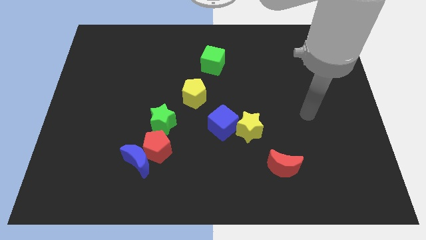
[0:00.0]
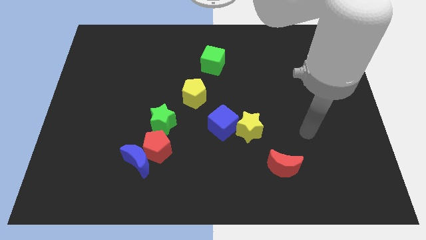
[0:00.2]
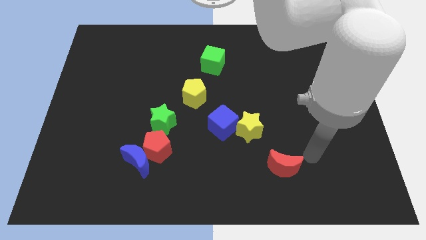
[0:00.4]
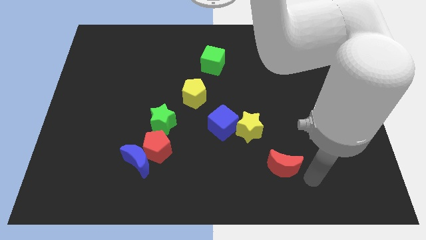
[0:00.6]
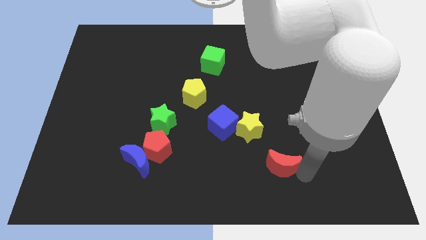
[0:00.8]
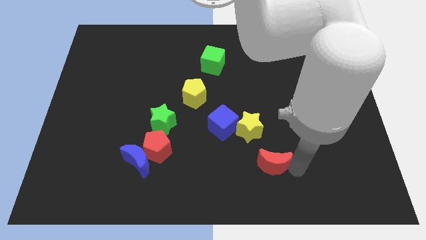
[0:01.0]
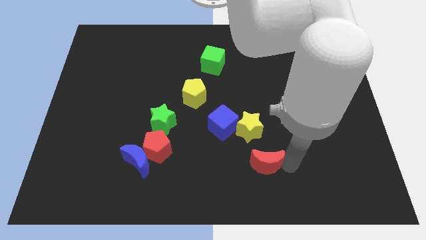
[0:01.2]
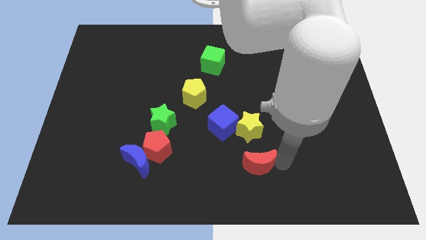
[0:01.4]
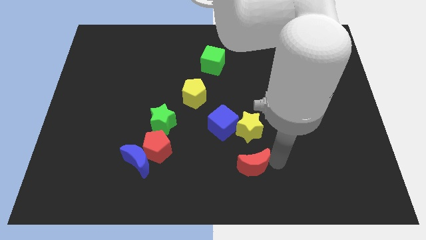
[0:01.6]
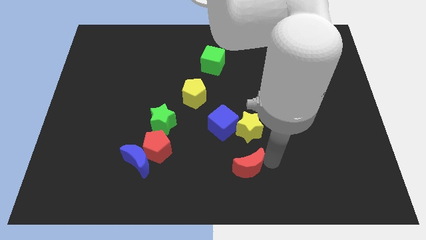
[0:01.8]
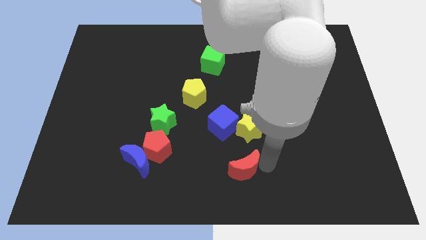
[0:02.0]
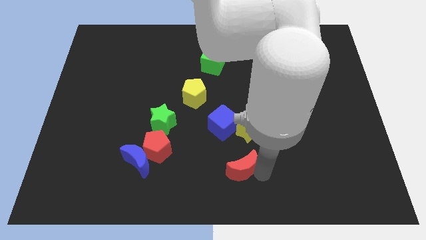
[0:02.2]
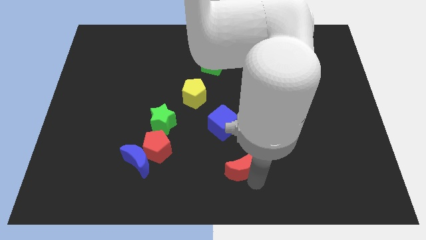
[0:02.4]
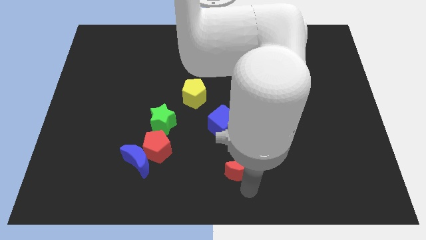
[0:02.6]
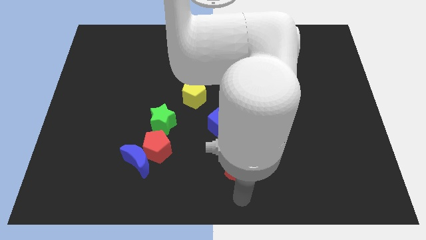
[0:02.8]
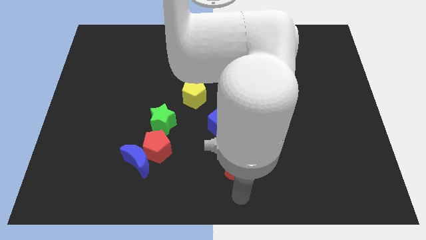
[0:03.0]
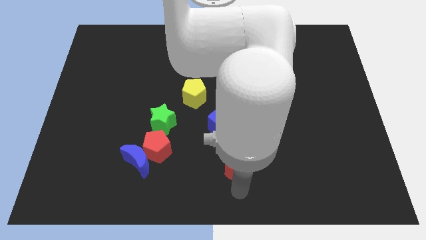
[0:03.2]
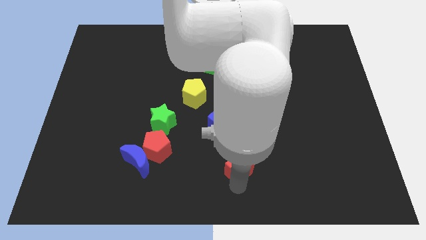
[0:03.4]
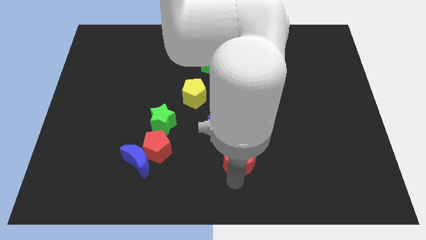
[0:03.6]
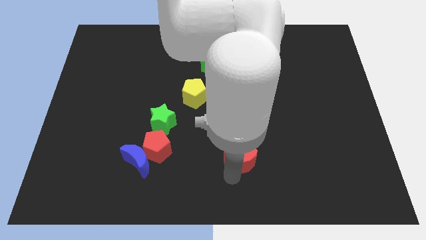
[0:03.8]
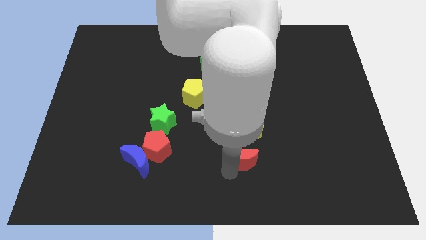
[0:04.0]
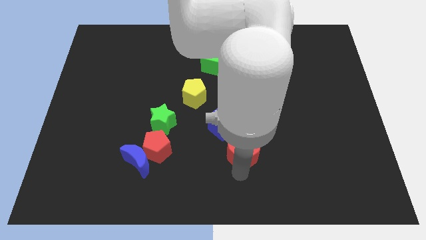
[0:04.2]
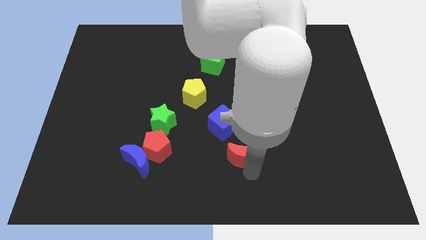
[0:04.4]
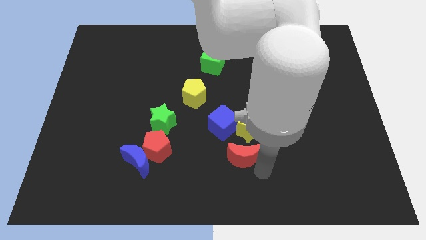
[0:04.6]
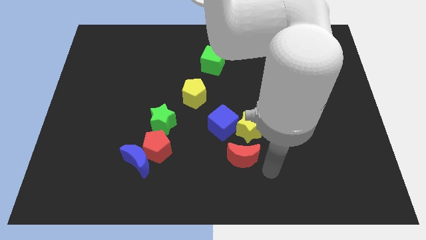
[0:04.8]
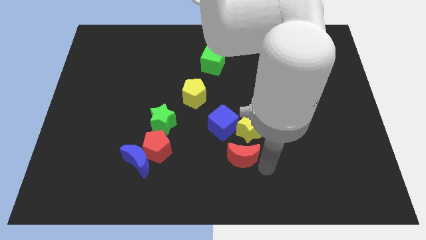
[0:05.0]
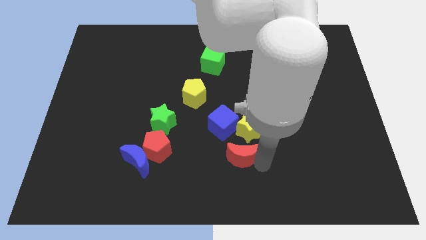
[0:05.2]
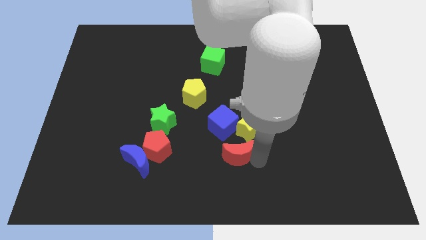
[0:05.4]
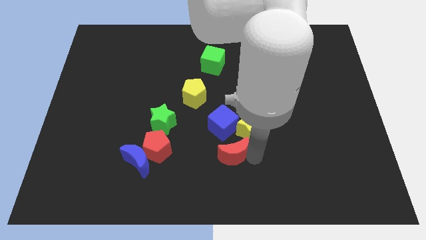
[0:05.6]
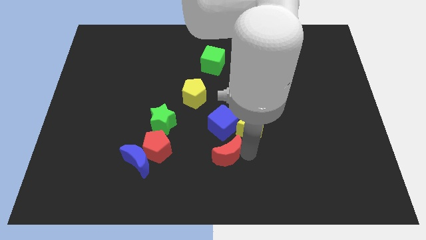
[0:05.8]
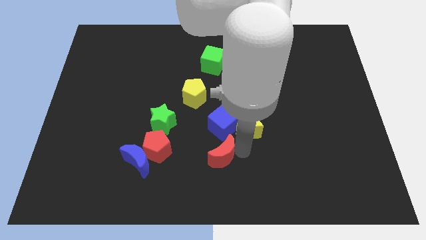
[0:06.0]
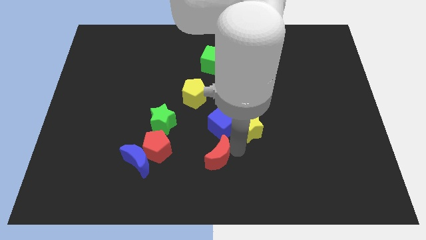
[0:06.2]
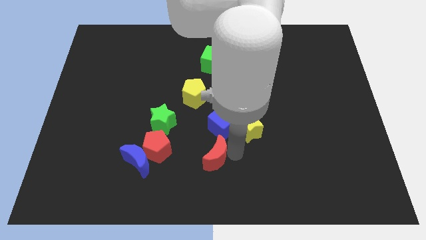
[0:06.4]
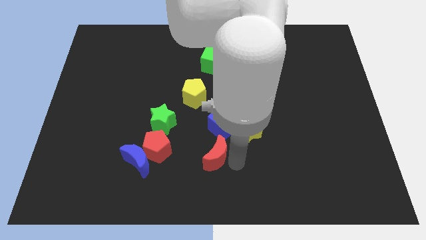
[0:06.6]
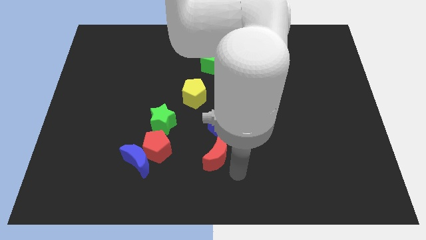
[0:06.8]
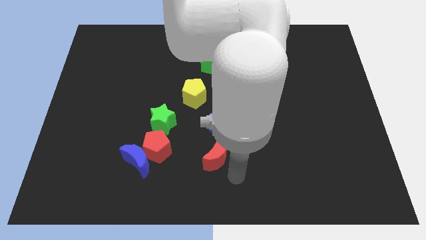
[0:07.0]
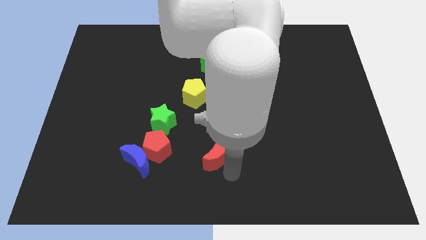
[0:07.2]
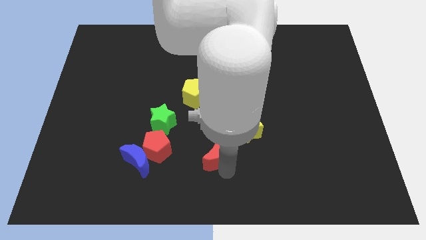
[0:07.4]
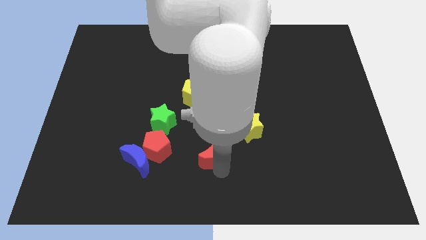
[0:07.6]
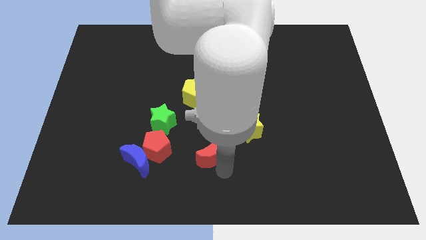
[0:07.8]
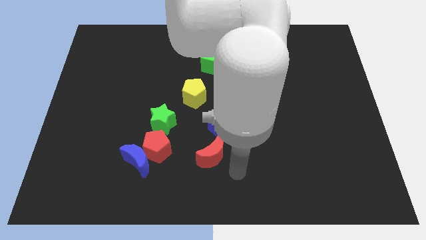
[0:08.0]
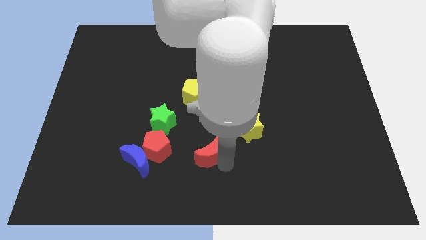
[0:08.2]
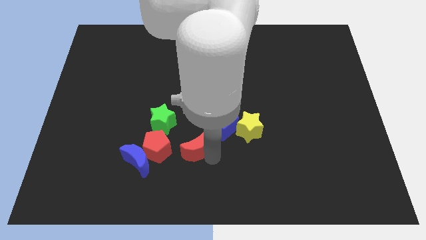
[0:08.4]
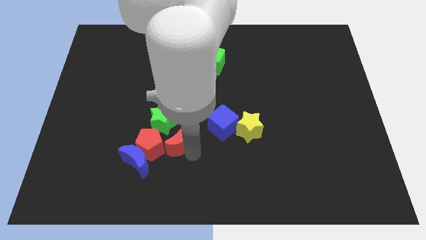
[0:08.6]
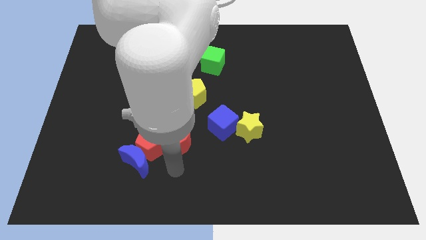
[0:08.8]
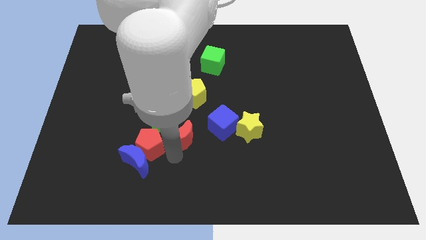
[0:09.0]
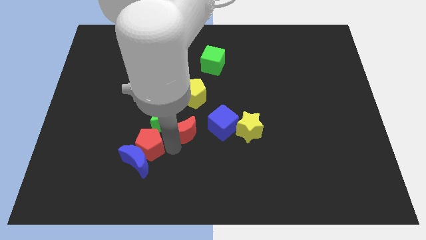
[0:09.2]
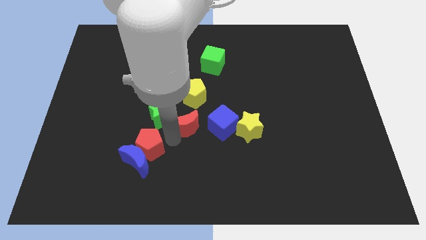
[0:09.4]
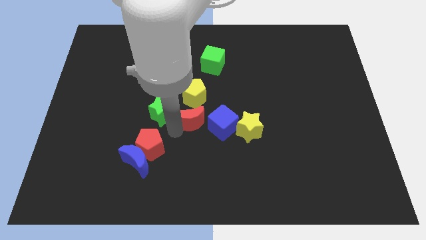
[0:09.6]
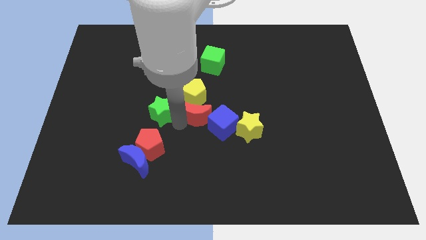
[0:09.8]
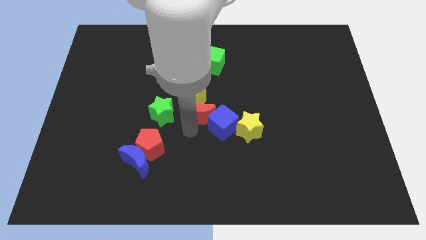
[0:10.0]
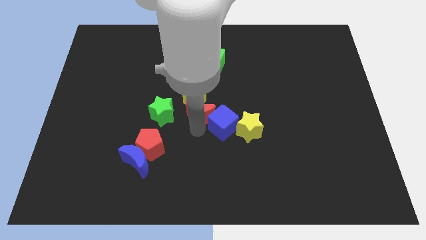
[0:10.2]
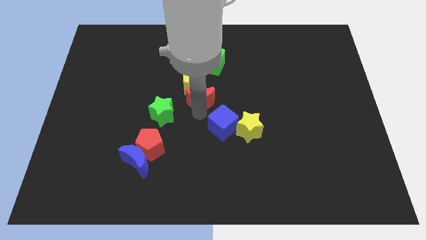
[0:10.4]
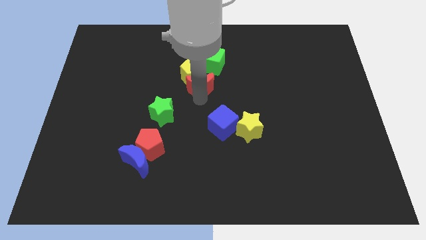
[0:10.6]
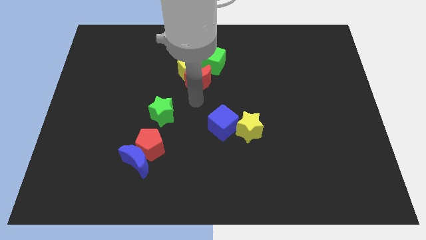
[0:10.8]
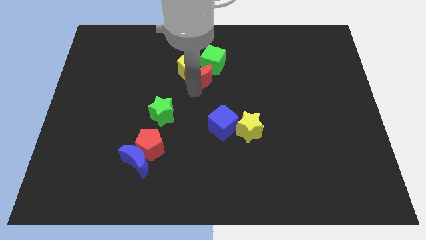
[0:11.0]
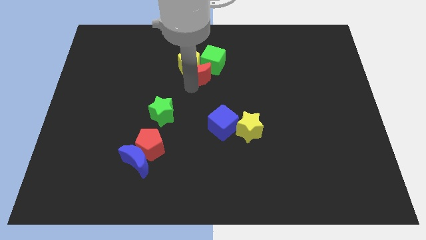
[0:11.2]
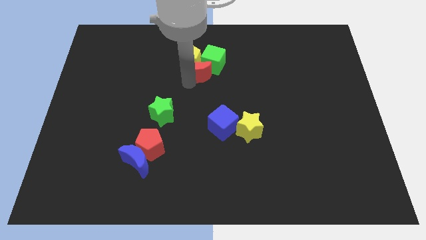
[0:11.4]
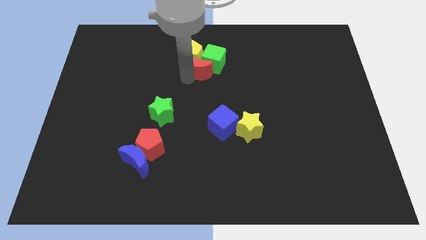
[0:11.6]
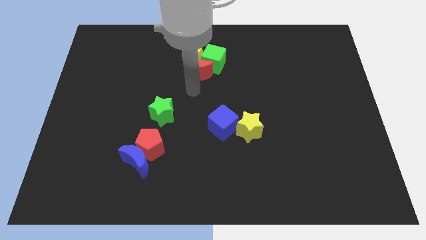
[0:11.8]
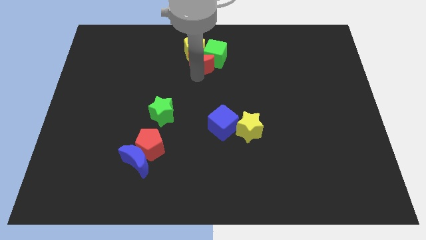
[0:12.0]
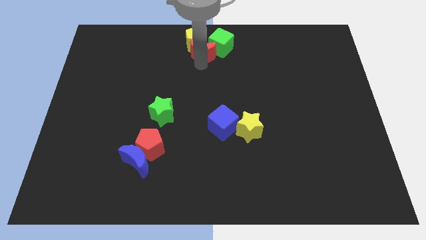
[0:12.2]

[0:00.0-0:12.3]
move the red moon to the top side

+ + +

▶ **Your task**: Type out the entries again without a single change, and leave the pictures out.

▶ **Final answer**:
[0:00.0]
[0:00.2]
[0:00.4]
[0:00.6]
[0:00.8]
[0:01.0]
[0:01.2]
[0:01.4]
[0:01.6]
[0:01.8]
[0:02.0]
[0:02.2]
[0:02.4]
[0:02.6]
[0:02.8]
[0:03.0]
[0:03.2]
[0:03.4]
[0:03.6]
[0:03.8]
[0:04.0]
[0:04.2]
[0:04.4]
[0:04.6]
[0:04.8]
[0:05.0]
[0:05.2]
[0:05.4]
[0:05.6]
[0:05.8]
[0:06.0]
[0:06.2]
[0:06.4]
[0:06.6]
[0:06.8]
[0:07.0]
[0:07.2]
[0:07.4]
[0:07.6]
[0:07.8]
[0:08.0]
[0:08.2]
[0:08.4]
[0:08.6]
[0:08.8]
[0:09.0]
[0:09.2]
[0:09.4]
[0:09.6]
[0:09.8]
[0:10.0]
[0:10.2]
[0:10.4]
[0:10.6]
[0:10.8]
[0:11.0]
[0:11.2]
[0:11.4]
[0:11.6]
[0:11.8]
[0:12.0]
[0:12.2]

[0:00.0-0:12.3]
move the red moon to the top side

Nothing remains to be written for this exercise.